Chicago Reader: Chicago’s growing racial gap in child poverty

 by Steve Bogira

I noted recently that more than one in three Chicago children are living in poverty, according to newly published census data. But a closer look at those figures shows that “one in three” hides a striking inequality.

Fewer than one in 11 white kids here are living in poverty—compared with more than one in two black kids.

The news regarding white Chicago kids, in fact, is good: their poverty rate is significantly lower than the national rate for white kids. But for black, Asian, and Hispanic children, the poverty incidence is higher in Chicago than for their counterparts nationally:

Children 17 and younger. Data from American Community Survey, U.S. Census Bureau, analyzed by Social IMPACT Research Center at Heartland Alliance

Moreover, the racial gap in child poverty in Chicago appears to be growing:

Children 17 and younger. Data from American Community Survey, U.S. Census Bureau, analyzed by Social IMPACT Research Center at Heartland Alliance

As the numbers show, child poverty has declined for Asians and gone up modestly for whites since 2000—while climbing significantly for blacks and Latinos.

What does Mayor Emanuel think of this? I wish I could tell you, but the mayor’s office has yet to respond to questions I posed ten days ago. I asked how the mayor is seeking to address not only child poverty, but the more than five-to-one disparity in the black and white rates.

Emanuel didn’t create this gap, of course. There are similar problems in many other cities. Their historical roots are deep. They’re fed by segregation in our neighborhoods and schools. Even if Emanuel’s top priorities were attacking poverty and racial inequality, he wouldn’t be able to solve them overnight—or in one term, or in two.

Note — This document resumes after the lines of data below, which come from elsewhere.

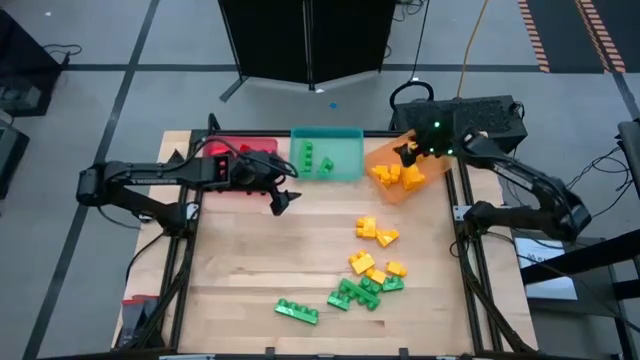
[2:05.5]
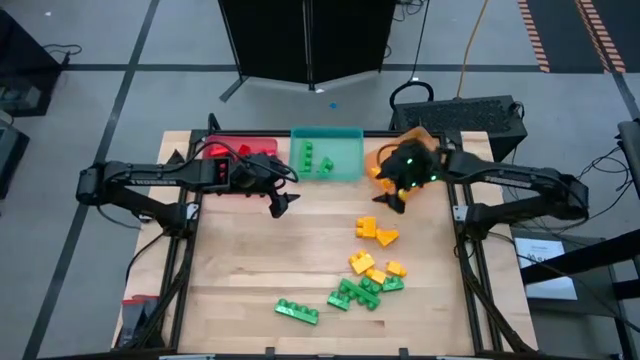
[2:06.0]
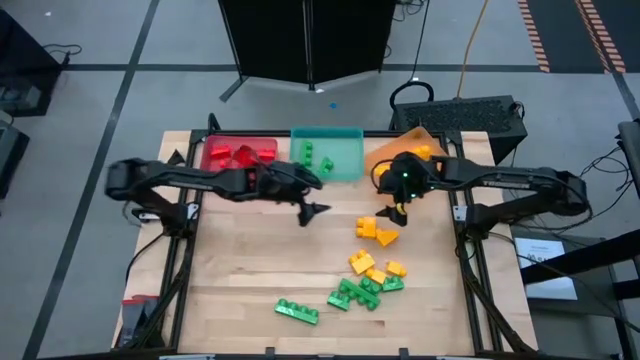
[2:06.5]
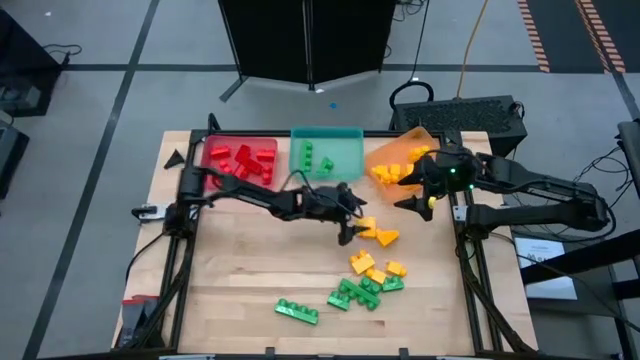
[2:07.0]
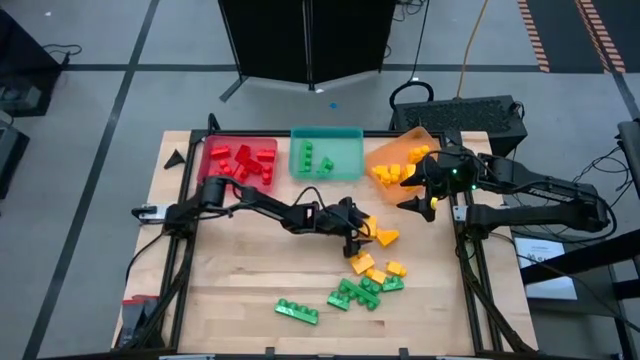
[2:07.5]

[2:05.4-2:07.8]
Put the yellow game piece into the orange bin

But Chicago seems headed in the wrong direction.

And is it acceptable to have one in two black kids in poverty? Would it be acceptable if it were one in two white kids?


Beginning today, I’ll be posting here every Thursday on segregation. I’m interested in more than race and class. In the U.S., we’re greatly segregated by age. Is that separation growing? What impact does it have? When does segregating by sex make sense, and when doesn’t it?

But I’ll focus primarily on racial and economic segregation, which in Chicago march arm in arm. They’ve appalled and fascinated me for as long as I can remember.

I grew up on the white south side, my dad worked on the black south side, and there was a sharp border between the two (Halsted, then Racine, then Ashland, then Damen). There was similar segregation, if less intense, elsewhere in Chicago as well.

I was born in 1954, so this was quite awhile ago. Why have we still not gotten over it?

The racial makeup of the city is more complex today, largely because there are more Asians and far more Latinos, who sometimes serve as buffer groups between whites and blacks. But there’s still a vast south-side section that’s almost entirely black, and a similar, smaller section on the west side. Most of the city’s African-Americans live in these two areas. The city’s leading causes of suffering—fires, foreclosures, crimepoor health, high dropout rates, joblessness—have always been centered in these neighborhoods.

The problem isn’t merely poverty. It’s poor families surrounded by poor families—segregation’s legacy. Climbing out of poverty is hard, but it’s especially hard when it’s all you know growing up.

There’s every reason to ignore our city’s racial segregation. We long ago grew accustomed to it. It seems impossible to change. For most white people, it’s somebody else’s problem.

But ignoring it only lets the suffering continue.